Иван Тавро как-то сказал мне:
— Мы полюбили тебя за то, что ты по-настоящему уважаешь нас. Ты тот самый русский, который за дружбу народов не на трибуне, не на лозунге, а в жизни… Ты знаешь наш язык, знаешь оленеводство, Знаешь, как жить в яранге. Ты не отворачиваешься от грязи, которой у нас еще хватает, не морщишь от нее носа… В общем, ты наш, и мы тебя за это любим…
Где-то далеко, на краю села Ново-Чаплино, залаяла собака. В незанавешенное окно уже пробивался ранний весенний рассвет.

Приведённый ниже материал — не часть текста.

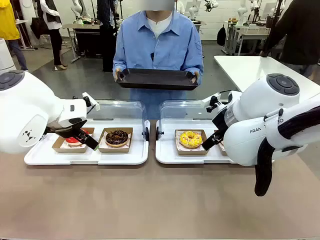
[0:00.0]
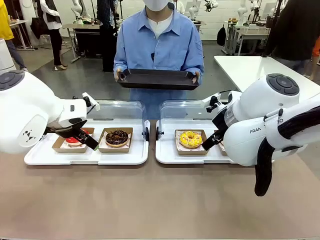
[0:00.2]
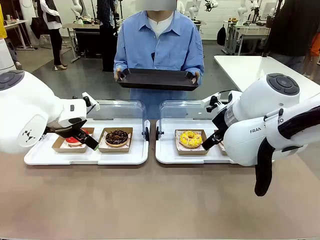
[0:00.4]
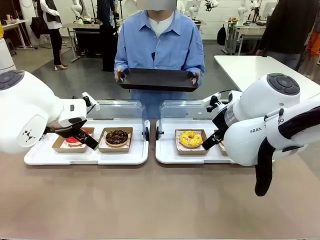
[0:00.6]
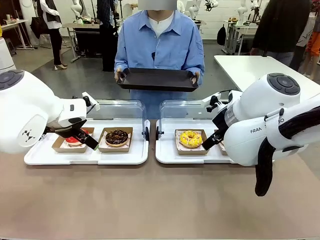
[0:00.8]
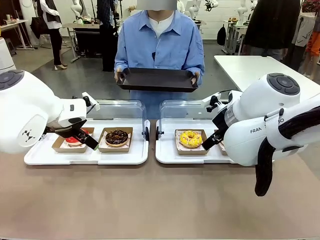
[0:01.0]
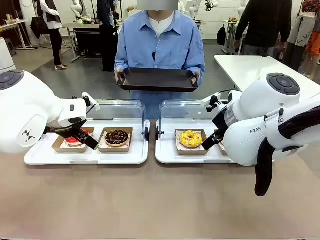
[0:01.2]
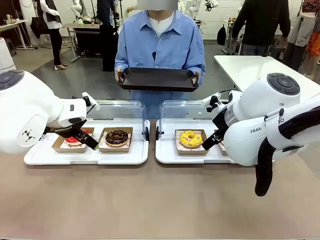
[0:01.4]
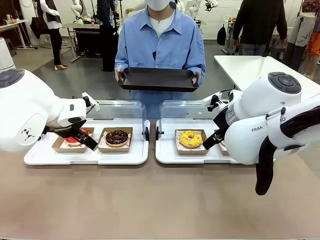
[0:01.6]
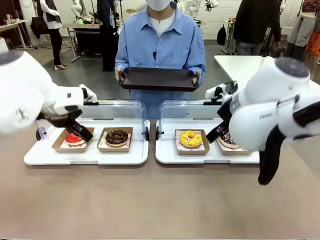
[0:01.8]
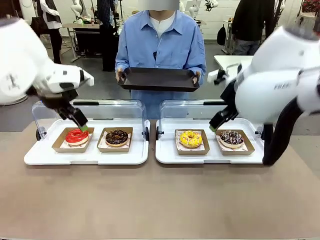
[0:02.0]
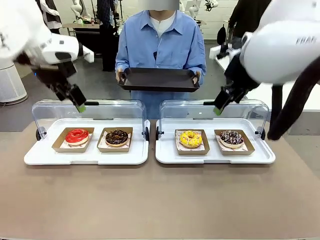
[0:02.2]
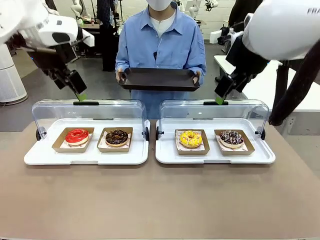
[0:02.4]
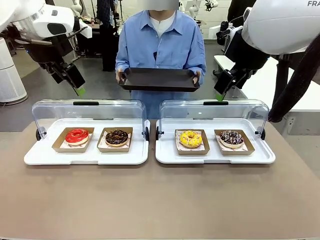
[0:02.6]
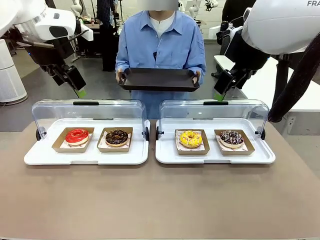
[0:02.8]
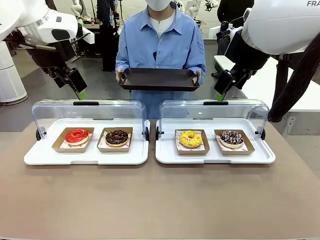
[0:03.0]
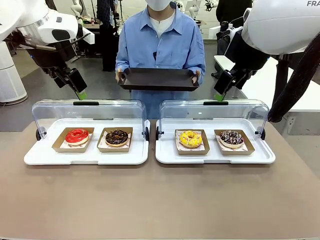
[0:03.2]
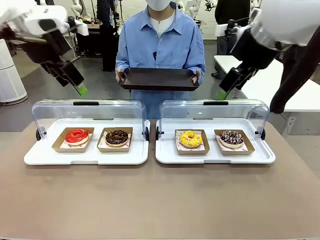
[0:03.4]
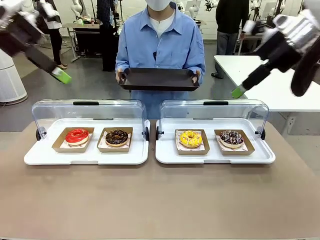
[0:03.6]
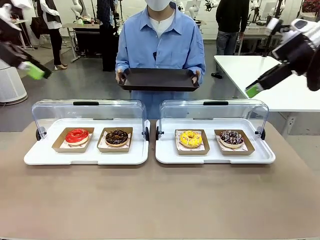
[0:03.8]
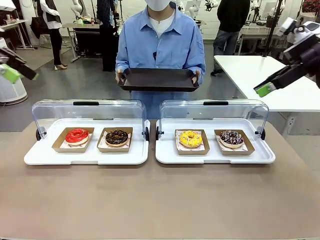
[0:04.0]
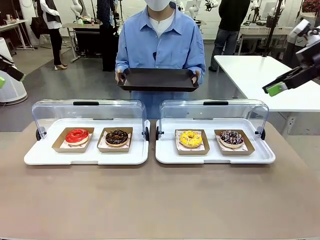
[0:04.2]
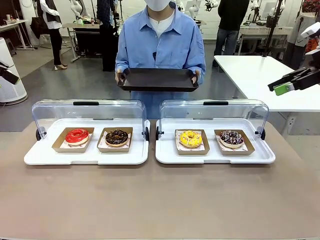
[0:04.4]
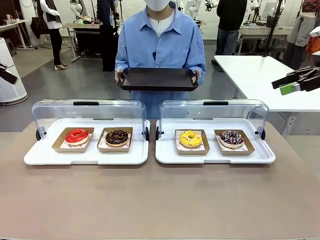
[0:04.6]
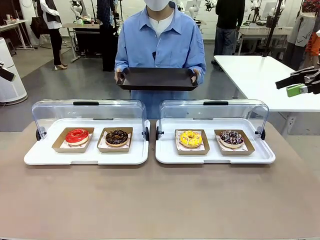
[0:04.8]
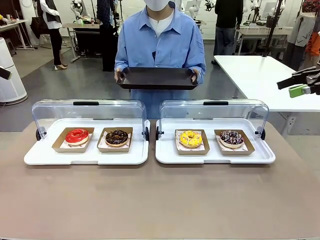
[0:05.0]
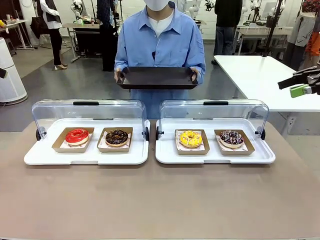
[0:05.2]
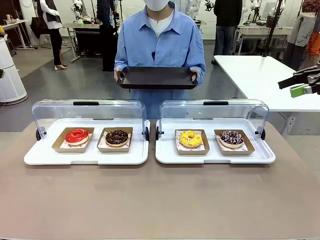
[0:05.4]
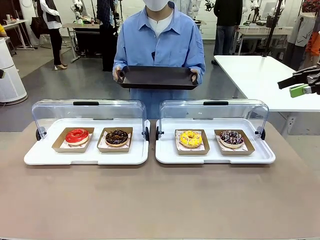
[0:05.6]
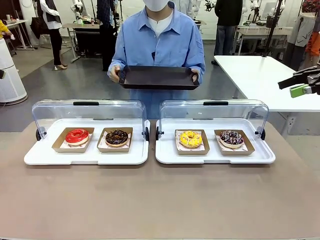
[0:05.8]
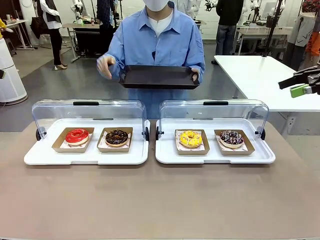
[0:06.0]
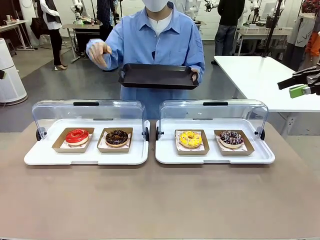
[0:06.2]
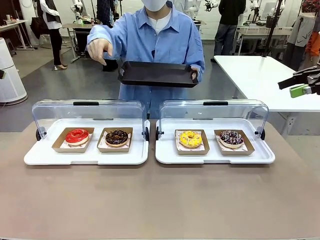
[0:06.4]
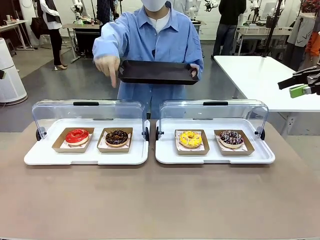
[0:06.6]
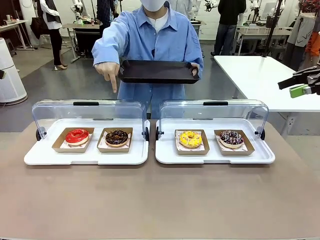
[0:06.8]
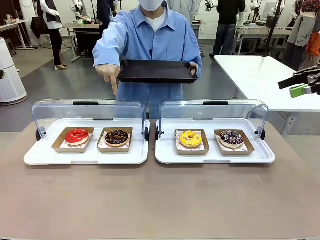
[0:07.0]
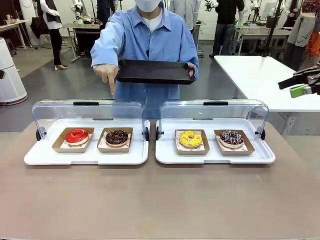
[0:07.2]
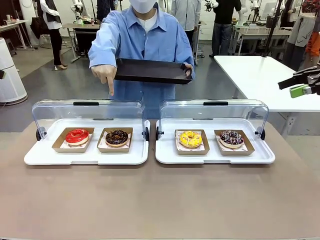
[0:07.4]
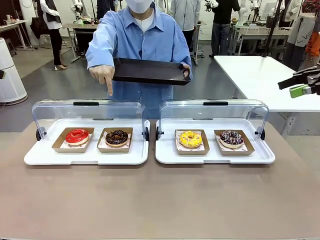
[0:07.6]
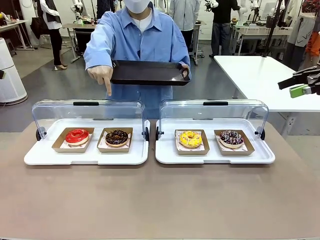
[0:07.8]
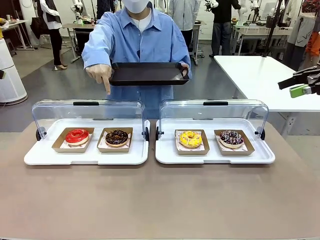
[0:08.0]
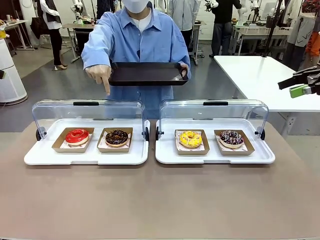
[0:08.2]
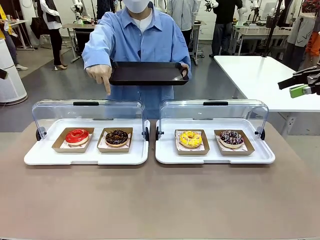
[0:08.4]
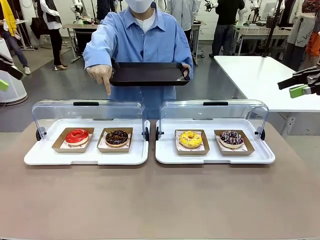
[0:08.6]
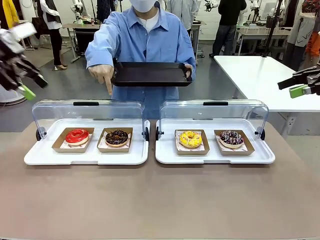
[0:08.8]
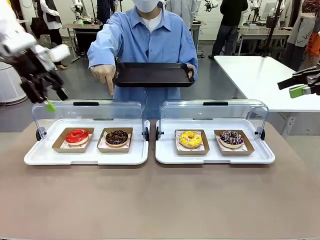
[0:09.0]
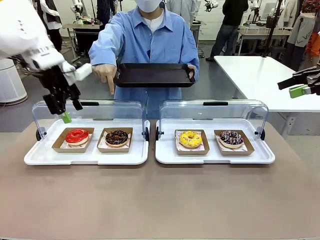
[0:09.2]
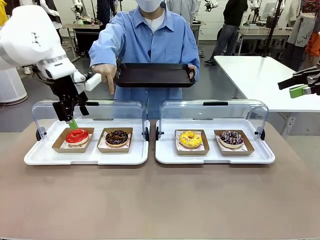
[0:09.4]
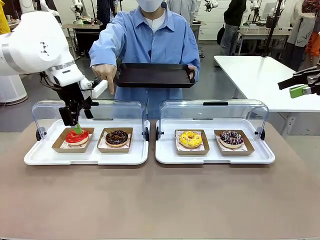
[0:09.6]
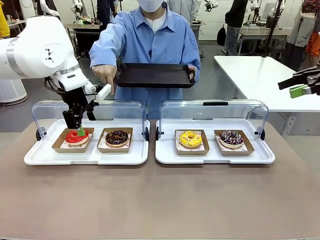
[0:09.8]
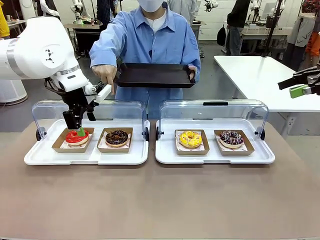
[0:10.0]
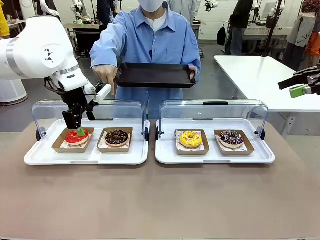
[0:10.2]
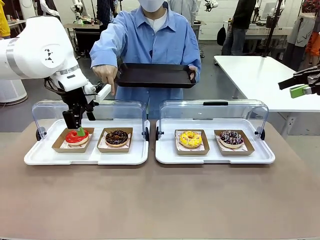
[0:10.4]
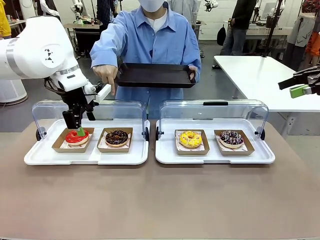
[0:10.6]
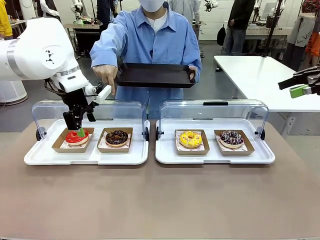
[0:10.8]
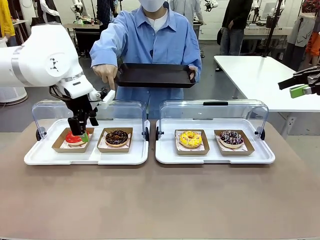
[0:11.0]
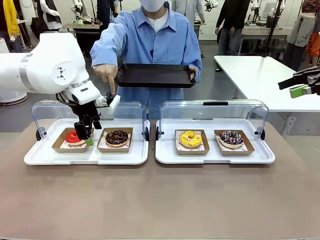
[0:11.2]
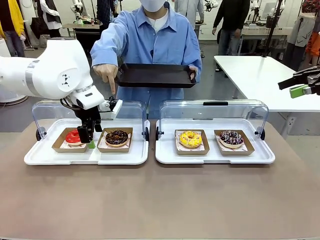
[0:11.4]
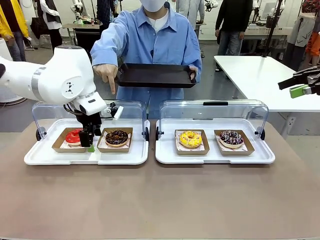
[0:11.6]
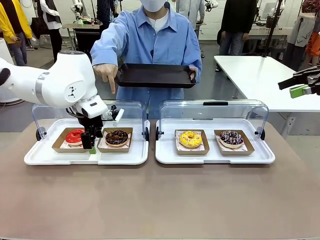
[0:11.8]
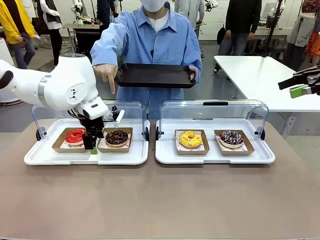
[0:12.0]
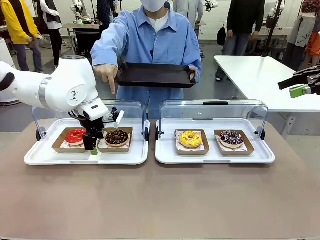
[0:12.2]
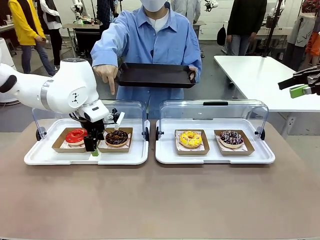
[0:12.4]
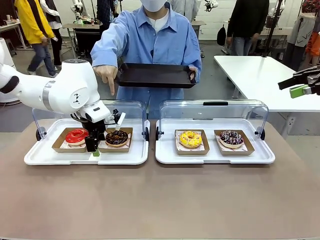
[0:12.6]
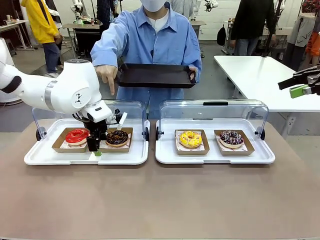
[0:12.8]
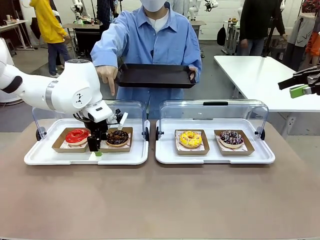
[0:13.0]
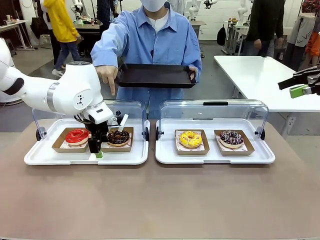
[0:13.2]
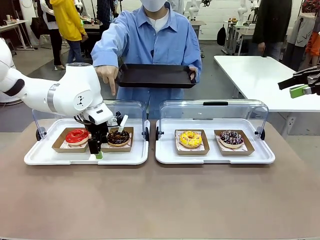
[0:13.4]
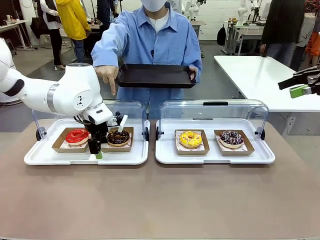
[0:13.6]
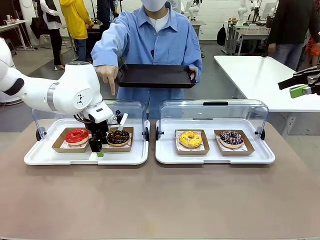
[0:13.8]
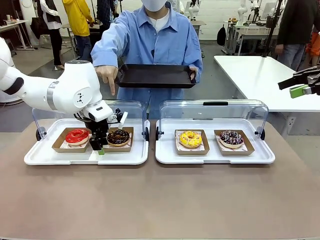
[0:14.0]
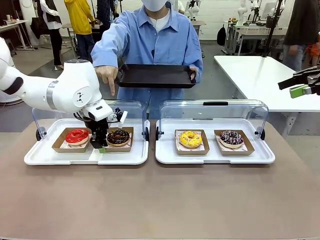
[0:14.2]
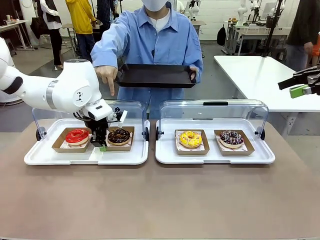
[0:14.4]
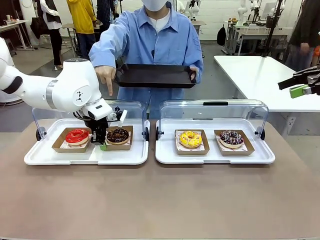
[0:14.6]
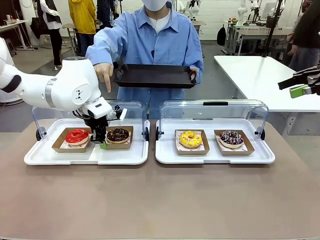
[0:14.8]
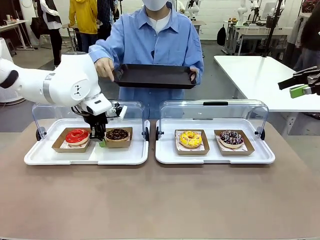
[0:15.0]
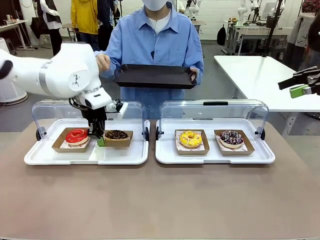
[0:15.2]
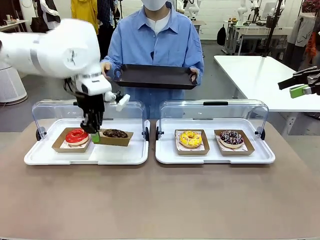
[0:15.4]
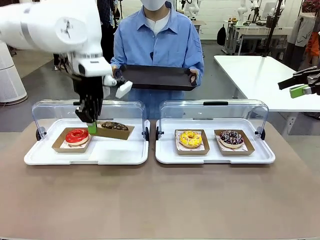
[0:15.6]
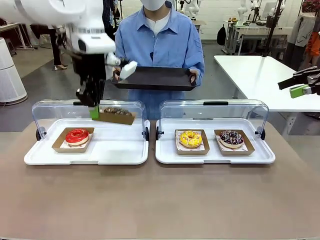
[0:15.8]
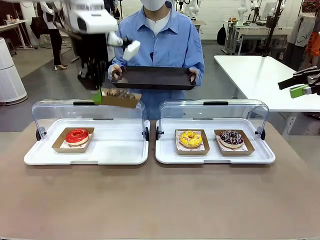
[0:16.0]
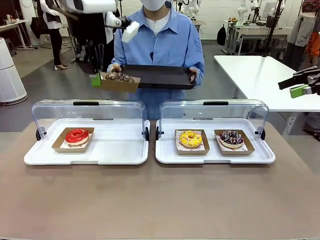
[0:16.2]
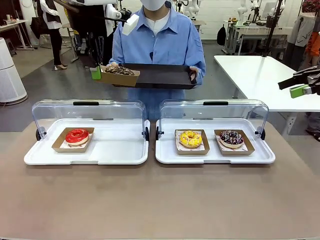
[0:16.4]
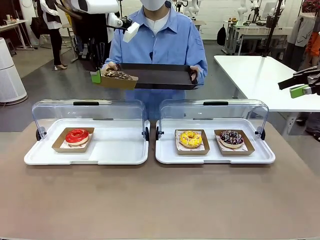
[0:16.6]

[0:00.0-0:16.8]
Task: Provide the desired donut to the person.
Robot: Pick up and lift the Paper togo box containing the Donut pointed at by the person.
Person: Point to one donut. Lift the tray onto the Roll-Top Bakery Case.

— Конечно, среди тех, кто приезжает сюда, много мусора. Но много и таких, кто искренне хочет помочь местным жителям. И не все едут из-за денег… Какие деньги? Мы с женой несколько первых лет на ящиках спали. А как меня избрали председателем Билибинского райисполкома — люди со всей тундры стали ко мне приезжать, останавливались у меня, хотя в райцентре была неплохая гостиница и там всегда держали места для оленеводов… Нет, все шли ко мне. И я им никогда не отказывал… Знаете, те тундровые годы были для меня самыми счастливыми! Вот вы говорите: того не хватает, этого нет, там обижают чукчей… Все это верно. Но так, как живут сейчас чукчи даже в самой тундровой глубинке, не живут мои земляки в глубинке Костромской области… Вы знаете, когда я впервые вволю наелся белого хлеба? Я — Александр Мухин, потомок исконных российских хлеборобов? Вот тогда, в чукотской яранге, когда добрейшая душа, самое прекрасное сердце, которое я когда-либо встречал, старая Вээмнэу подала мне целую буханку белого хлеба и миску сливочного масла…
В ту ночь наш сон был короток, но тем не менее я чувствовал себя прекрасно выспавшимся, когда Федор Федотович постучал в нашу комнату и позвал завтракать перед дорогой.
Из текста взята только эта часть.